**TASK DETAILS**
Apart from the images, every record here needs to be copied exactly.

=======

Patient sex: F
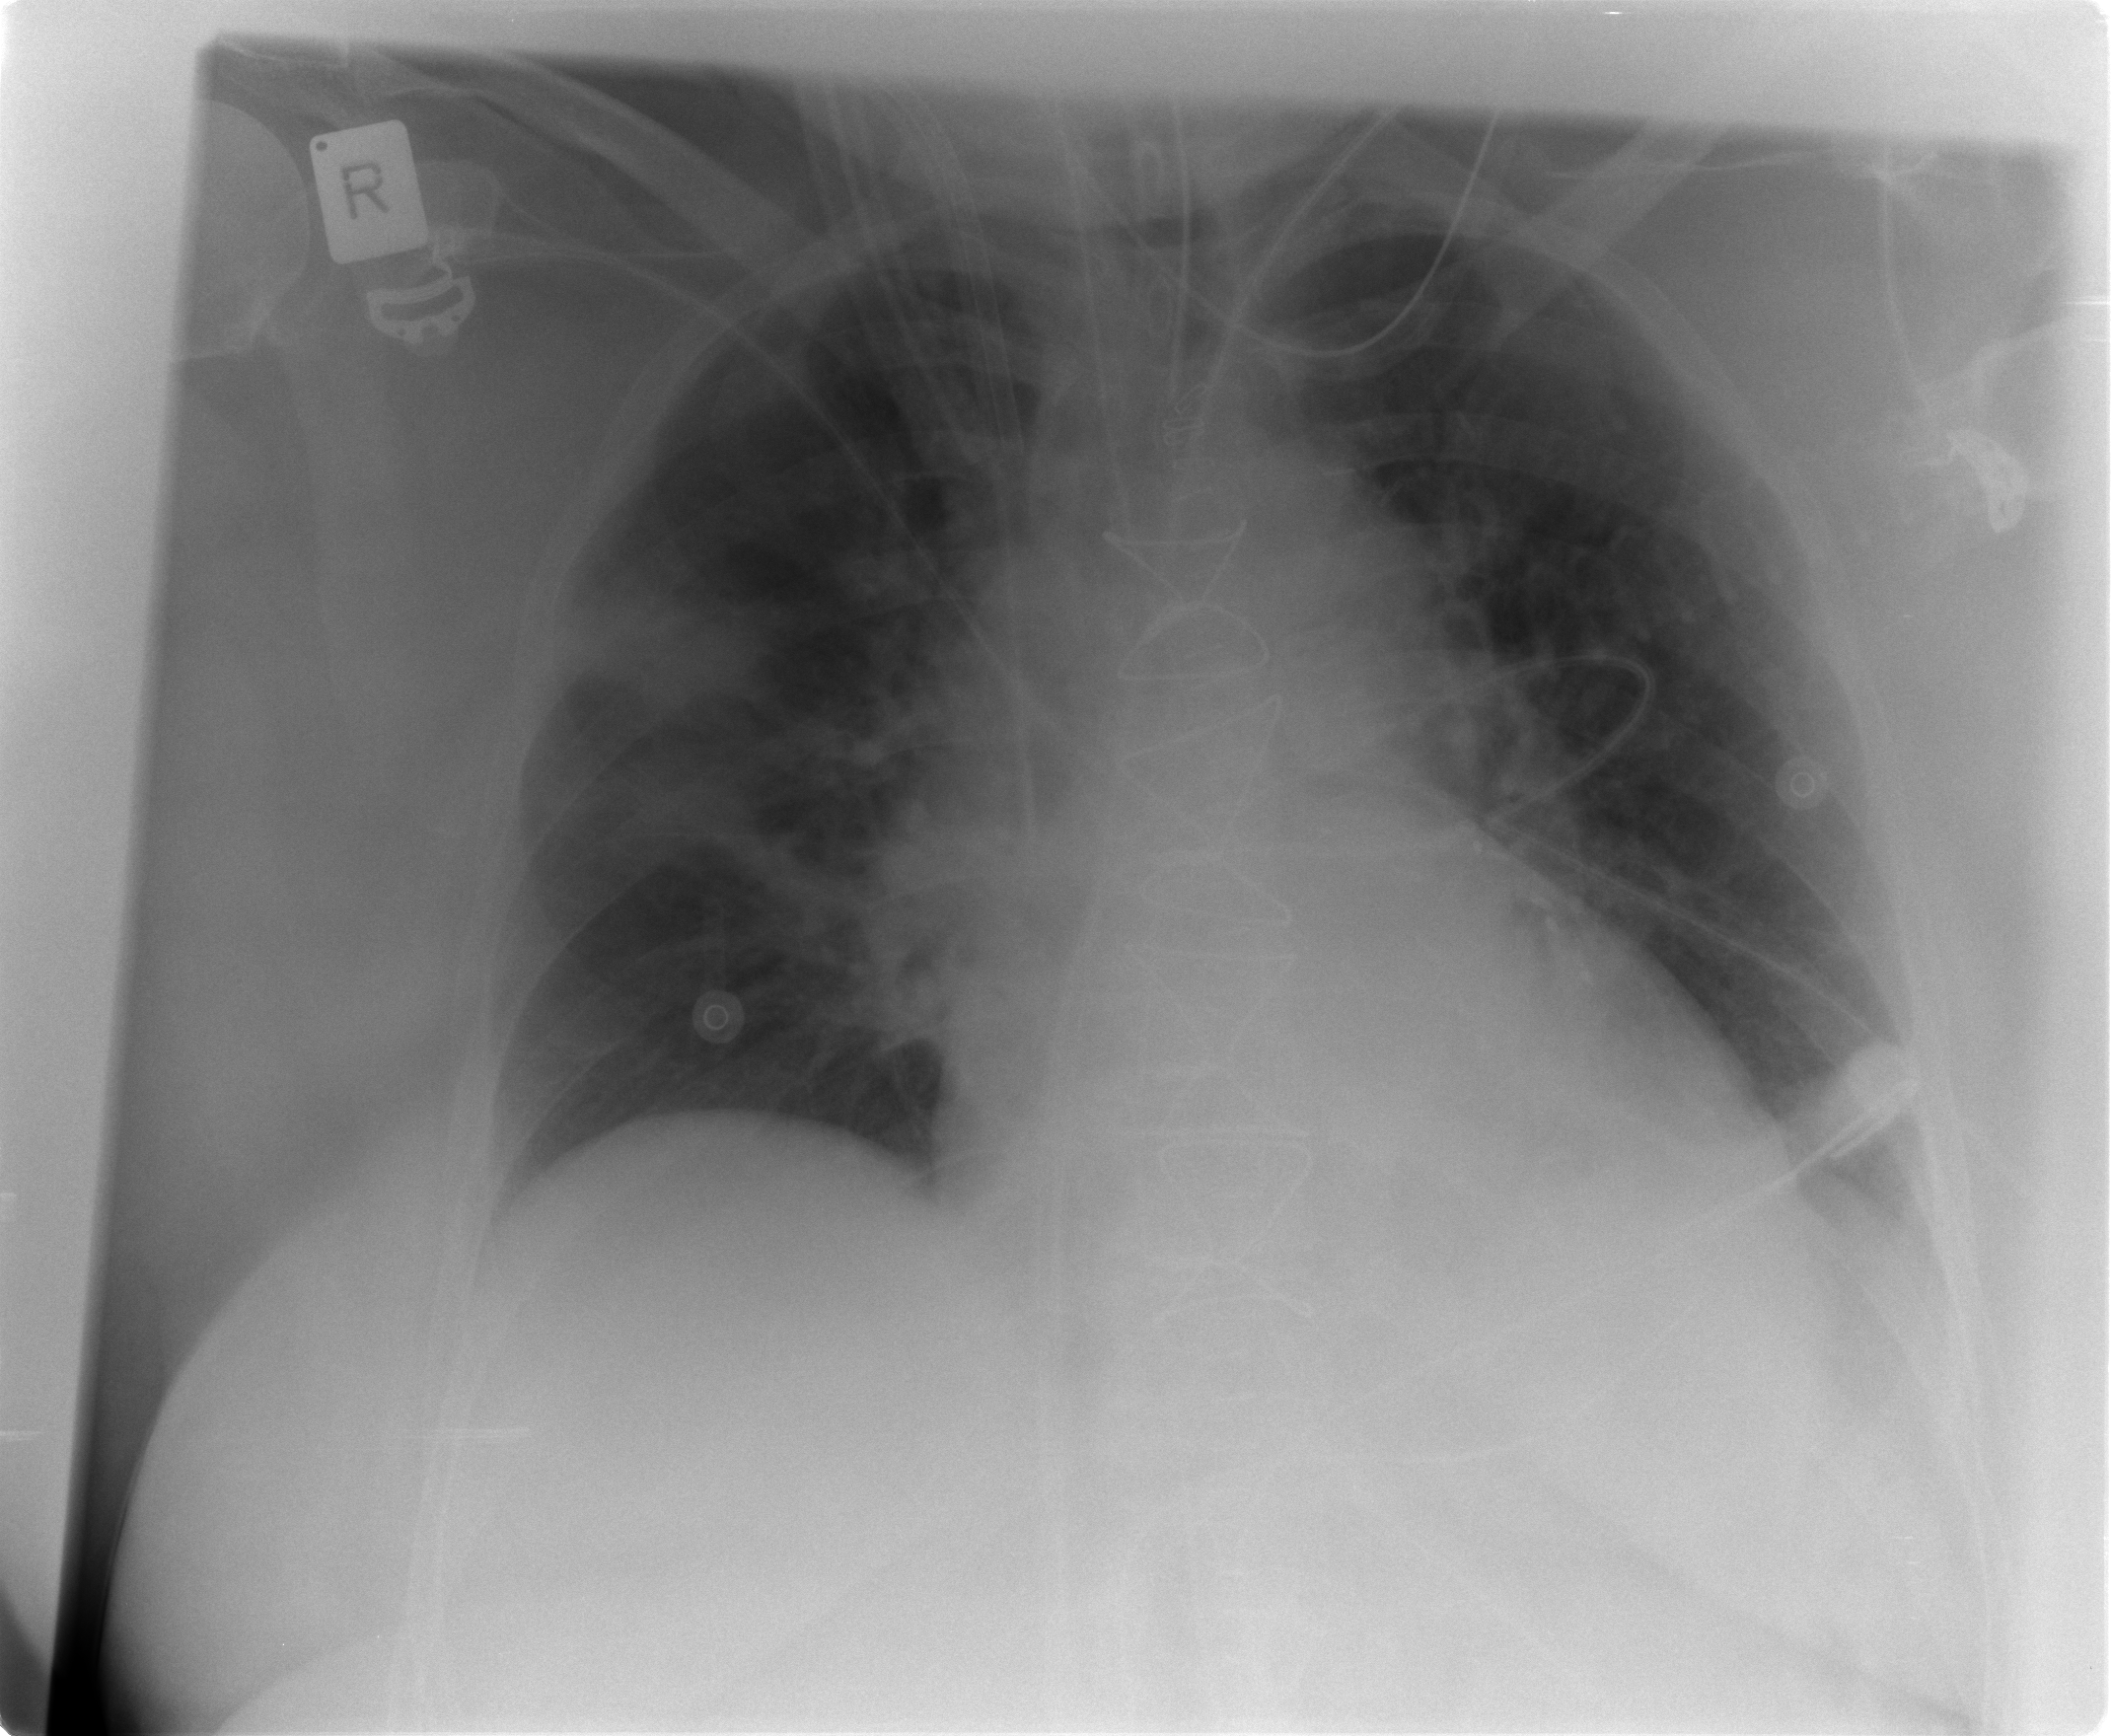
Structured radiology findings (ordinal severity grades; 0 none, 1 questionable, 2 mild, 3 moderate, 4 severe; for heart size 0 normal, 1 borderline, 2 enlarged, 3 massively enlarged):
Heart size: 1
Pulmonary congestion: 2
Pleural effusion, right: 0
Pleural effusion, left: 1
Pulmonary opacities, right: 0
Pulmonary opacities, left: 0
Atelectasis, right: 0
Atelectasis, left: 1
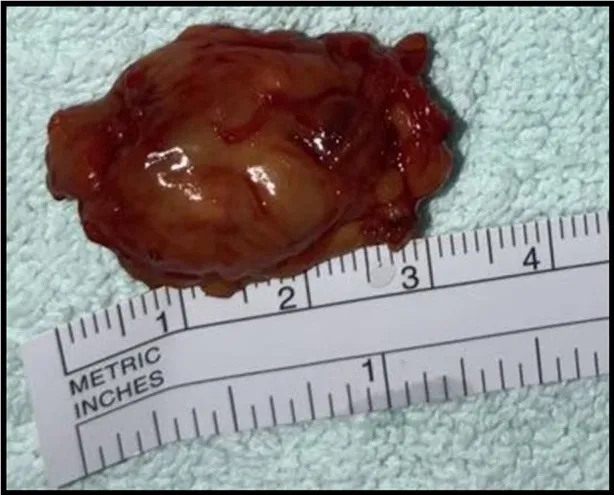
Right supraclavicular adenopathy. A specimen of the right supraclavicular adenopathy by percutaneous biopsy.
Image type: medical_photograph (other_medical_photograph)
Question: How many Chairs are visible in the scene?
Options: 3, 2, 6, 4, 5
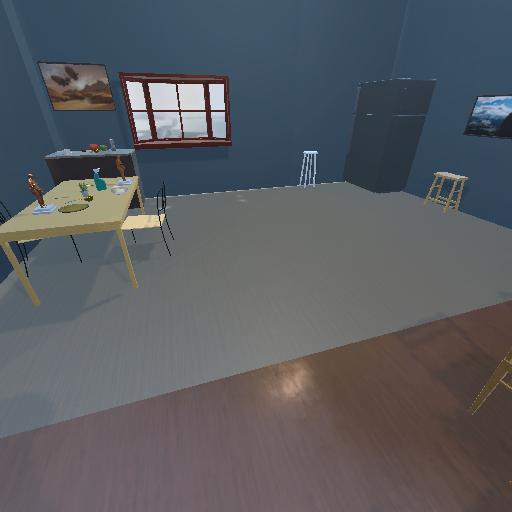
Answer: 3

=======

**WRITTEN ANSWER**
Patient sex: F
Structured radiology findings (ordinal severity grades; 0 none, 1 questionable, 2 mild, 3 moderate, 4 severe; for heart size 0 normal, 1 borderline, 2 enlarged, 3 massively enlarged):
Heart size: 1
Pulmonary congestion: 2
Pleural effusion, right: 0
Pleural effusion, left: 1
Pulmonary opacities, right: 0
Pulmonary opacities, left: 0
Atelectasis, right: 0
Atelectasis, left: 1
Right supraclavicular adenopathy. A specimen of the right supraclavicular adenopathy by percutaneous biopsy.
Image type: medical_photograph (other_medical_photograph)
Question: How many Chairs are visible in the scene?
Options: 3, 2, 6, 4, 5
Answer: 3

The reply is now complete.